One insight that I got as I learned how to use Go is that ReadAll is often inefficient for large readers, and like in your case, is subject to arbitrary input being very big and possibly leaking out memory. When I started out, I used to do JSON parsing like this:

data, err := ioutil.ReadAll(r)
if err != nil {
    return err
}
json.Unmarshal(data, &v)

Then, I learned of a much more efficient way of parsing JSON, which is to simply use the Decoder type.

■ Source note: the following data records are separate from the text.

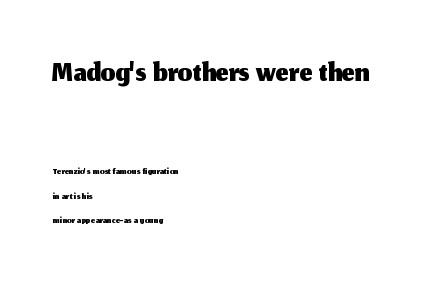
{"serif": "no", "italic": "no", "width": "normal", "stroke_contrast": "medium", "x_height": "medium", "monospaced": "no", "underline": "no", "align": "left", "line_spacing": "normal", "line_spacing_ratio": 1.64, "letter_spacing": "normal", "letter_spacing_em": 0.0, "larger_block": "first", "size_ratio": 3.07, "glyph_px": 46}
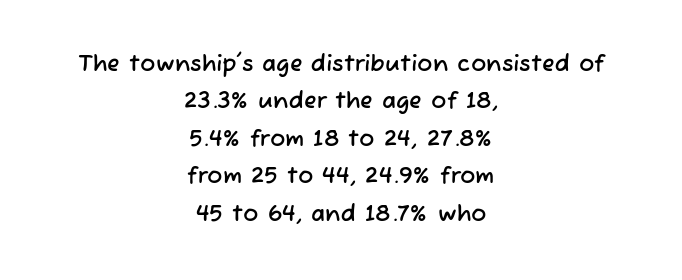
Spacing between characters is what you'd get straight out of the box. Check the space under the baseline: it is left empty. Does the leading feel generous? No, just average. Layout note: lines centered.
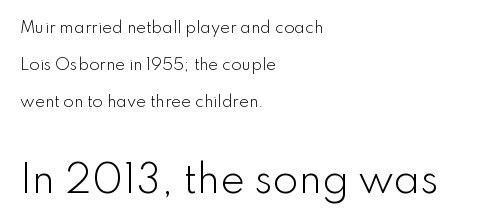
Q: Is the text bold? A: No.
Q: Is the text italic (slanted)? A: No, it is upright.
Q: Is the typeface a serif or a sans-serif typeface? A: Sans-serif.
Q: Is the text underlined? A: No.
Q: How is the paragraph aligned? A: Left-aligned.
Q: Is the spacing between letters normal or unusually wide? A: Normal.
Q: Is the spacing between lines tight, normal or loose? A: Loose.
Q: Which block of text is set in a larger size, the first (top) or the second (bottom)? A: The second (bottom) one.
Q: Width (condensed, normal, or wide)? A: Normal.
Q: Stroke contrast? A: Low.
Q: x-height? A: Small.
Q: Monospaced? A: No.

err := json.NewDecoder(r).Decode(&v)
if err != nil {
    return err
}

Not only is this more concise, it is much more efficient, both memory-wise and time-wise:

  • The decoder doesn't have to allocate a huge byte slice to accommodate for the data read - it can simply reuse a tiny buffer which will be used against the Read method to get all the data and parse it. This saves a lot of time in allocations and removes stress from the GC
  • The JSON Decoder can start parsing data as soon as the first chunk of data comes in - it doesn't have to wait for everything to finish downloading.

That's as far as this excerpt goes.